▶ How to complete this task
With the pictures omitted, output word for word the lines from the one containing "Best continuation: Rxe5 dxe5 Rxd7" through the end of the records.

_ _ _

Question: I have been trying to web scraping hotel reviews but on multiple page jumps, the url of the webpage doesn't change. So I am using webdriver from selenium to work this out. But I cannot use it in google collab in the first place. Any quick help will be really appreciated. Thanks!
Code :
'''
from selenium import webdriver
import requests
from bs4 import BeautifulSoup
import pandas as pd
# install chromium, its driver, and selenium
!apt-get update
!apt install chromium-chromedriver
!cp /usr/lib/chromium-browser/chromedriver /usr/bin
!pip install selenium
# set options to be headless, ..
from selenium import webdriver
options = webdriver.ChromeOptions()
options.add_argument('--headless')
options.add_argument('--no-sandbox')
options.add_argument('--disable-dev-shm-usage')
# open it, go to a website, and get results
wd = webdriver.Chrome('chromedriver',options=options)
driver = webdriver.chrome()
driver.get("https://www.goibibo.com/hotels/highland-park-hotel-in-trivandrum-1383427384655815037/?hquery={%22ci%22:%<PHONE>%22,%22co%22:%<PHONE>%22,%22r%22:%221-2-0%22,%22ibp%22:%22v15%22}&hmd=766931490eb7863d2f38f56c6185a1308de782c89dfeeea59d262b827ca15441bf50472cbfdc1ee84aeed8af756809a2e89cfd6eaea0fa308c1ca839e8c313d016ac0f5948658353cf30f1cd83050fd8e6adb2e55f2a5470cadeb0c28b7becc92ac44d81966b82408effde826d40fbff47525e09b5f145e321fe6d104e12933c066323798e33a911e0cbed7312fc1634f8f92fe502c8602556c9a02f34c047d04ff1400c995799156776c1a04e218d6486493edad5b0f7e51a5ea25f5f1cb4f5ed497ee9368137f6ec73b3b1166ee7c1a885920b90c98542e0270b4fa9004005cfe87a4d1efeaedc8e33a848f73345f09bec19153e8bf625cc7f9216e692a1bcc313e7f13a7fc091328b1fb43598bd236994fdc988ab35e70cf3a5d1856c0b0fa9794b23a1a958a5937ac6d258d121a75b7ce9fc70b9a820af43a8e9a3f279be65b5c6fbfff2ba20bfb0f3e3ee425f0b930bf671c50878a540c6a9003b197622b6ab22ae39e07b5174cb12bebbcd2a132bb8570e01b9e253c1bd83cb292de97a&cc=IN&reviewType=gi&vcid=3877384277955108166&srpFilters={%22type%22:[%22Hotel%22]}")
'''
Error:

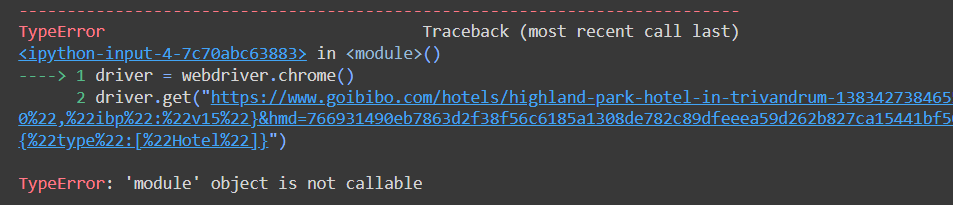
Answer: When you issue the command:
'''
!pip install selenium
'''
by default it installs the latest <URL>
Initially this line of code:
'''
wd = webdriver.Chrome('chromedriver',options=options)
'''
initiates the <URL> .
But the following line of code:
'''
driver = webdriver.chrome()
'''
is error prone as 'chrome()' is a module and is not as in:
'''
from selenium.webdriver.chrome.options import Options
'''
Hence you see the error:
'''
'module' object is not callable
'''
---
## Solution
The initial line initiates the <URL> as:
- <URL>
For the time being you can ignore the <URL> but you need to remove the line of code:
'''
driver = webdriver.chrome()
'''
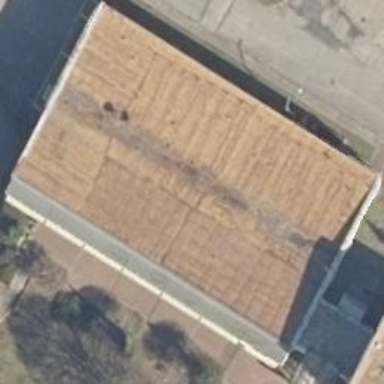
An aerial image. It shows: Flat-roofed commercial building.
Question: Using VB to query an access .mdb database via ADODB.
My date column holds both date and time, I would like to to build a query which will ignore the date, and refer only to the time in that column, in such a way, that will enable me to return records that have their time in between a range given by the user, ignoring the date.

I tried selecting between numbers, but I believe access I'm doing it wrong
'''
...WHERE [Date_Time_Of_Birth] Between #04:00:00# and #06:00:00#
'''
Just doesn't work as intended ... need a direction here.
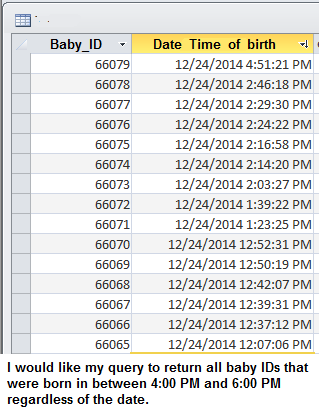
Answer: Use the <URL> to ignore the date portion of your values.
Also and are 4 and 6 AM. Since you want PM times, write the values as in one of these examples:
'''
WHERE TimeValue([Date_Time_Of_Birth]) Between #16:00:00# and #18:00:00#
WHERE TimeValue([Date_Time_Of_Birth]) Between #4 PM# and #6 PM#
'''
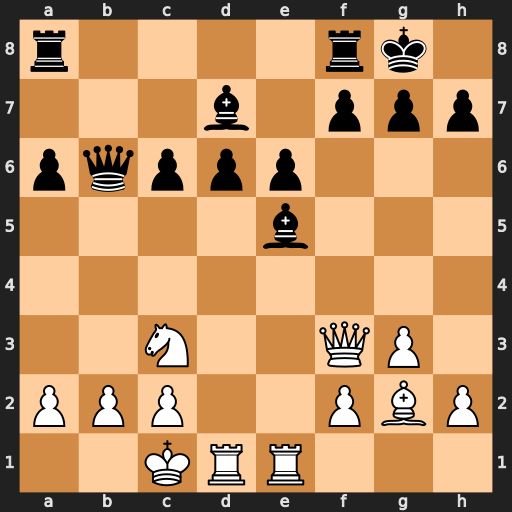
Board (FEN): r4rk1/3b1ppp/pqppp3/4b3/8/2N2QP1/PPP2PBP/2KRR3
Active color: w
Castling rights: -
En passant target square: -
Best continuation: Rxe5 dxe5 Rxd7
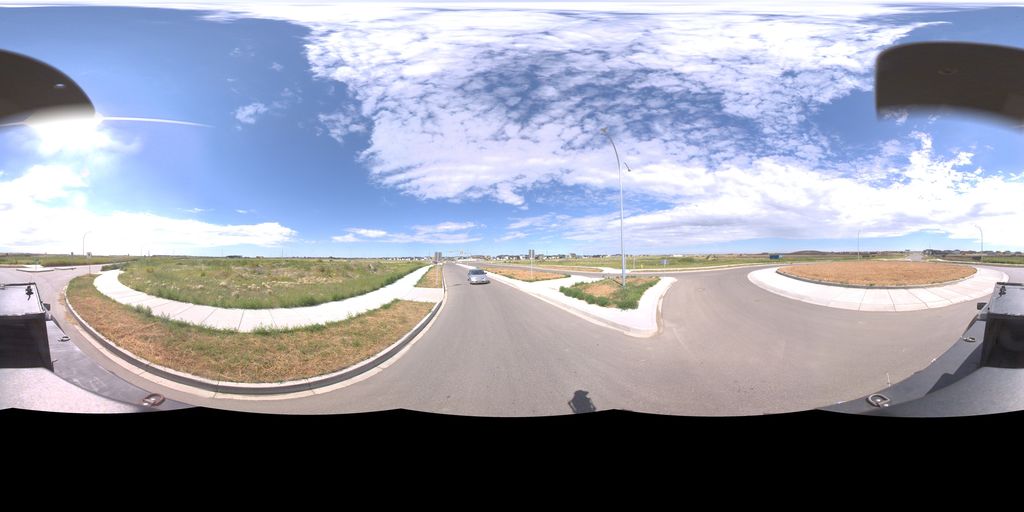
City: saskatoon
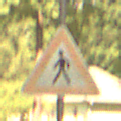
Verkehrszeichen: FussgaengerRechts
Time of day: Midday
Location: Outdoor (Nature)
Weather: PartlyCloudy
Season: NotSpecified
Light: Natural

_ _ _

▶ Expected output
Best continuation: Rxe5 dxe5 Rxd7
City: saskatoon
Verkehrszeichen: FussgaengerRechts
Time of day: Midday
Location: Outdoor (Nature)
Weather: PartlyCloudy
Season: NotSpecified
Light: Natural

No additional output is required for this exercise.